Shi Huilan, Jia Junya, Li Dong, Wei Li, Shang Wenya, Zheng Zhenfeng
Department of Radiology, Tianjin Medical University General Hospital, No.154, Anshan Road, Heping District, Tianjin, People's Republic of China.
Department of Nephrology, Tianjin Medical University General Hospital, No.154, Anshan Road, Heping District, Tianjin, People's Republic of China.
BMC Nephrol. 2018 Feb 9;19(1):33. doi: 10.1186/s12882-017-0787-z.
Precise renal histopathological diagnosis will guide therapy strategy in patients with lupus nephritis. Blood oxygen level dependent (BOLD) magnetic resonance imaging (MRI) has been applicable noninvasive technique in renal disease. This current study was performed to explore whether BOLD MRI could contribute to diagnose renal pathological pattern.
Adult patients with lupus nephritis renal pathological diagnosis were recruited for this study. Renal biopsy tissues were assessed based on the lupus nephritis ISN/RPS 2003 classification. The Blood oxygen level dependent magnetic resonance imaging (BOLD-MRI) was used to obtain functional magnetic resonance parameter, R2* values. Several functions of R2* values were calculated and used to construct algorithmic models for renal pathological patterns. In addition, the algorithmic models were compared as to their diagnostic capability.
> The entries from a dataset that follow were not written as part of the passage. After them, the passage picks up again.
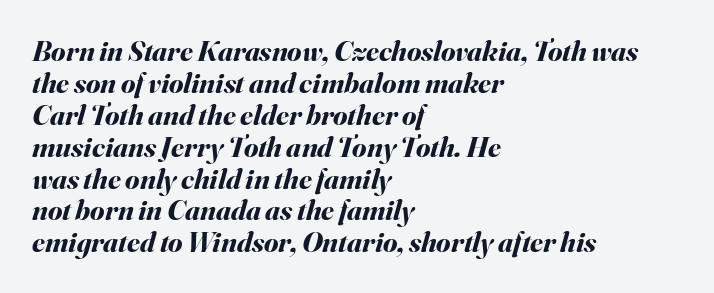
Q: Is the text bold? A: Yes.
Q: Is the text italic (slanted)? A: Yes, it leans right by about 16 degrees.
Q: Is the text underlined? A: No.
Q: How is the paragraph aligned? A: Left-aligned.
Q: Is the spacing between letters normal or unusually wide? A: Normal.
Q: Is the spacing between lines tight, normal or loose? A: Tight.
Q: Width (condensed, normal, or wide)? A: Normal.
Q: Stroke contrast? A: Medium.
Q: x-height? A: Small.
Q: Monospaced? A: No.
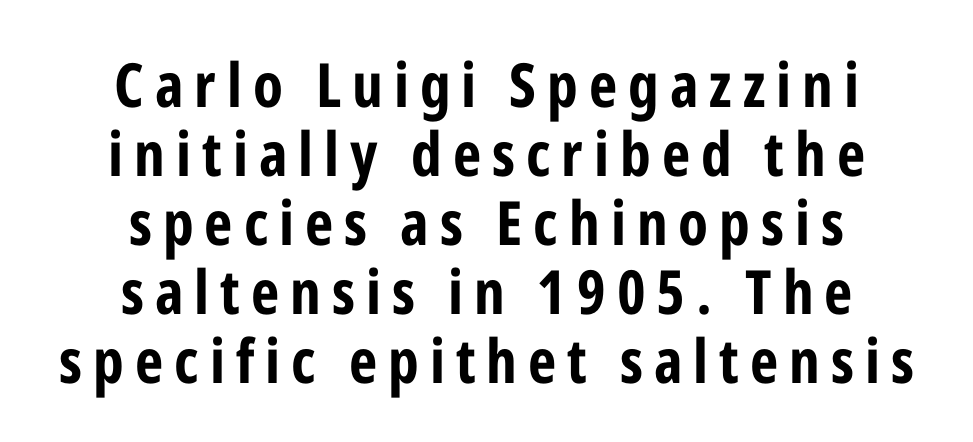
Q: Is the text bold? A: Yes.
Q: Is the text italic (slanted)? A: No, it is upright.
Q: Is the typeface a serif or a sans-serif typeface? A: Sans-serif.
Q: Is the text underlined? A: No.
Q: How is the paragraph aligned? A: Centered.
Q: Is the spacing between lines tight, normal or loose? A: Tight.
Q: Width (condensed, normal, or wide)? A: Condensed.
Q: Stroke contrast? A: Low.
Q: x-height? A: Medium.
Q: Monospaced? A: No.

Both Histopathology and BOLD MRI were used to examine a total of twelve patients. Renal pathological patterns included five classes III (including 3 as class III + V) and seven classes IV (including 4 as class IV + V). Three algorithmic models, including decision tree, line discriminant, and logistic regression, were constructed to distinguish the renal pathological pattern of class III and class IV. The sensitivity of the decision tree model was better than that of the line discriminant model (71.87% vs 59.48%, P < 0.001) and inferior to that of the Logistic regression model (71.87% vs 78.71%, P < 0.001). The specificity of decision tree model was equivalent to that of the line discriminant model (63.87% vs 63.73%, P = 0.939) and higher than that of the logistic regression model (63.87% vs 38.0%, P < 0.001). The Area under the ROC curve (AUROCC) of the decision tree model was greater than that of the line discriminant model (0.765 vs 0.629, P < 0.001) and logistic regression model (0.765 vs 0.662, P < 0.001).
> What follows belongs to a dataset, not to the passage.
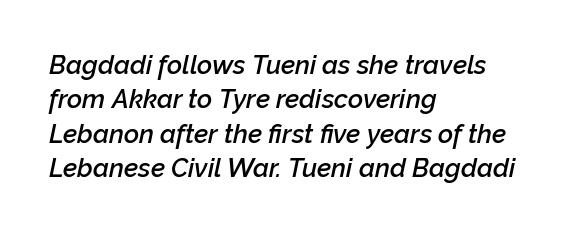
The image shows 26 px text type, italic (leaning right); set left-aligned, normal line spacing (1.32x), normal letter spacing, not underlined.
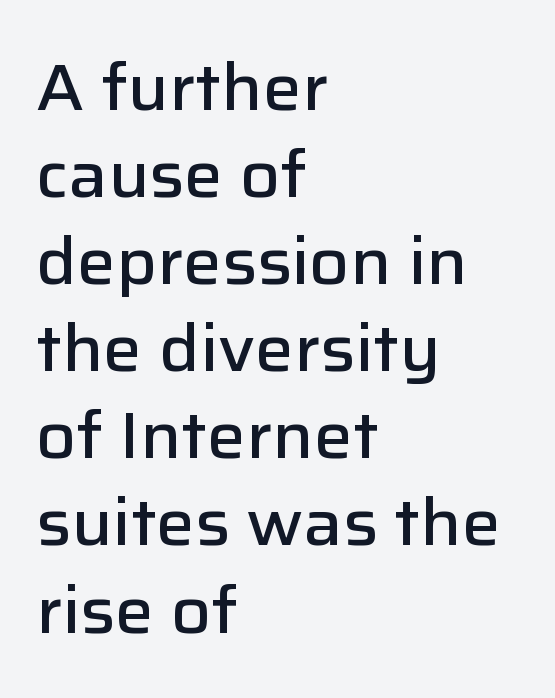
The image shows 65 px semibold sans-serif type, upright; set left-aligned, normal line spacing (1.34x), normal letter spacing, not underlined; low stroke contrast and a medium x-height.

BOLD MRI is a useful non-invasive imaging technique for the evaluation of lupus nephritis. Decision tree models constructed using functions of R2* values may facilitate the prediction of renal pathological patterns.
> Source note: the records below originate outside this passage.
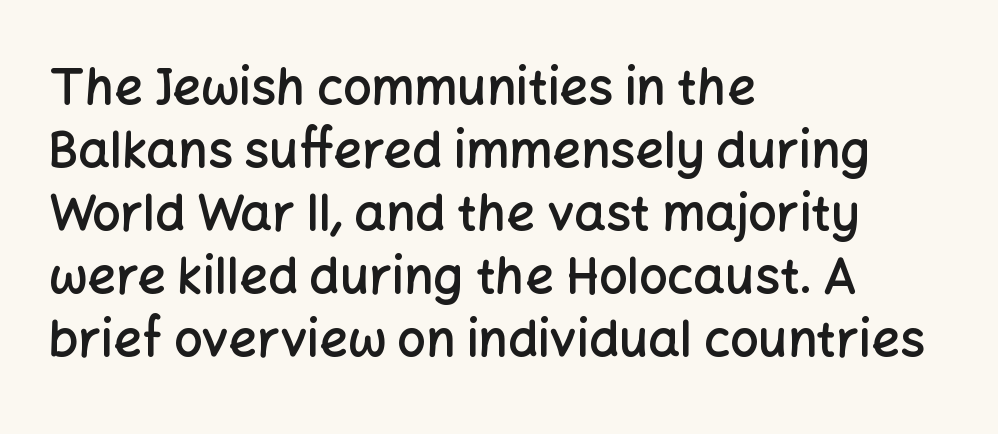
Q: Is the text bold? A: Semi-bold.
Q: Is the text italic (slanted)? A: No, it is upright.
Q: Is the typeface a serif or a sans-serif typeface? A: Sans-serif.
Q: Is the text underlined? A: No.
Q: How is the paragraph aligned? A: Left-aligned.
Q: Is the spacing between letters normal or unusually wide? A: Normal.
Q: Is the spacing between lines tight, normal or loose? A: Normal.
Q: Width (condensed, normal, or wide)? A: Normal.
Q: Stroke contrast? A: Low.
Q: x-height? A: Medium.
Q: Monospaced? A: No.

精确的肾脏组织病理学诊断将指导狼疮性肾炎患者的治疗策略。血氧水平依赖(BOLD)磁共振成像(MRI)已成为肾脏疾病中一种适用的非侵入性技术。本研究旨在探讨BOLD MRI是否有助于诊断肾脏病理类型。
招募患有狼疮性肾炎且经肾脏病理诊断的成年患者进行本研究。根据2003年狼疮性肾炎国际肾脏病学会/肾脏病理学会(ISN/RPS)分类对肾活检组织进行评估。使用血氧水平依赖磁共振成像(BOLD-MRI)获取功能磁共振参数R2值。计算R2值的几个函数,并用于构建肾脏病理类型的算法模型。此外,对算法模型的诊断能力进行比较。
组织病理学和BOLD MRI共检查了12例患者。肾脏病理类型包括5例III级(其中3例为III+V级)和7例IV级(其中4例为IV+V级)。构建了三种算法模型,包括决策树、线性判别和逻辑回归,以区分III级和IV级肾脏病理类型。决策树模型的敏感性优于线性判别模型(71.87%对59.